Domestic volatility has also driven Iranians to avoid keeping their savings in cash or deposit accounts – preferring gold as a protection against Iran’s weakening rial currency.

Iran’s international isolation has been deepened by questionable human rights practices, many of which were perpetrated by Raisi.

“During Raisi’s presidency, personal, social, ideological and political freedoms were more suppressed than ever, leading to widespread pressure on the people and general disillusionment,” a leading campaigner for protest organisation Women For Iran tells Mining Technology.
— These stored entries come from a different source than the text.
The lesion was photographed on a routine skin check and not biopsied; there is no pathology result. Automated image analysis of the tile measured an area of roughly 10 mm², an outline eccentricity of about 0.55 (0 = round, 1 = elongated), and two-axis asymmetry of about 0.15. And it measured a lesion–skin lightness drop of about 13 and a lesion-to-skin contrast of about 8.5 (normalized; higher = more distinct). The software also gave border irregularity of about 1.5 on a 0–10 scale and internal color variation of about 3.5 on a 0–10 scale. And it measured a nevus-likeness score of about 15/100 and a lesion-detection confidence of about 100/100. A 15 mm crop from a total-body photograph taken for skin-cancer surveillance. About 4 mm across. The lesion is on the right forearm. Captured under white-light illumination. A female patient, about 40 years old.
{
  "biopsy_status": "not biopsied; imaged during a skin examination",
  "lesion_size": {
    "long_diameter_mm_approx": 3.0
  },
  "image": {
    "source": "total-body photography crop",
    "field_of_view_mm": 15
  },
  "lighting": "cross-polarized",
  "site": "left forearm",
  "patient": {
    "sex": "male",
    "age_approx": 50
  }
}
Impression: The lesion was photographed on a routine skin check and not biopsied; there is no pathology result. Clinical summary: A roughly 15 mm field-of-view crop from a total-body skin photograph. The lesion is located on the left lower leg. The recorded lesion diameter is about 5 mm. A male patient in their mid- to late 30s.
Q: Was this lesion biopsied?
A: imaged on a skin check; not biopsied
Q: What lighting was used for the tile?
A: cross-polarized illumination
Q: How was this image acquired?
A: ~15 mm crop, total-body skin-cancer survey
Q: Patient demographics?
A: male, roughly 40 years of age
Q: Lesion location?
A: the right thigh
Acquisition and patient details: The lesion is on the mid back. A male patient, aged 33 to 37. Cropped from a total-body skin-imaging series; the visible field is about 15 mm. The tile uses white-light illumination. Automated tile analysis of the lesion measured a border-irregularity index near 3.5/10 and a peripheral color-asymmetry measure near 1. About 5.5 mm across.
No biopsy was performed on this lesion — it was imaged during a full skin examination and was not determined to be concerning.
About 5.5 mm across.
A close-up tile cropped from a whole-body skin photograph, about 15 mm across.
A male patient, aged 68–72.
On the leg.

“The value of Iran’s currency has plummeted, there was widespread poverty, unemployment and financial embezzlement by the government and other wings of the regime,” the campaigner, who wishes to remain anonymous, adds. “Moreover, Iran’s international relations deteriorated, the regime became more isolated, the value of the Iranian passport plummeted, and the migration of educated and skilled individuals increased significantly.”

Human rights groups including Amnesty International have accused Raisi of crimes against humanity, notably including his hand in the 2019 crackdown on protests across Iran, during which the Iranian Revolutionary Guard Corps (IRGC) and other security forces killed 321 people.

International condemnation followed, and economic restrictions were subsequently imposed on Iranian oil, gold and other commodities.

“The ‘Woman, Life, Freedom’ movement sparked after Mahsa Amini’s murder was brutally suppressed and subjected to widespread killing when Raisi was president,” Women For Iran’s campaigner says. “Many protesters were killed, blinded, or imprisoned, and numerous executions were carried out.”

Iran’s Supreme Leader Ayatollah Ali Khamenei may have declared five days of national mourning for Raisi yesterday (21 May) but, for some, the death of the so-called ‘Butcher of Tehran’ has sparked celebration, not grief.

Should a brief and perhaps coincidental rise in gold prices be Raisi’s departing legacy, many Iranians will deem it more than he deserved.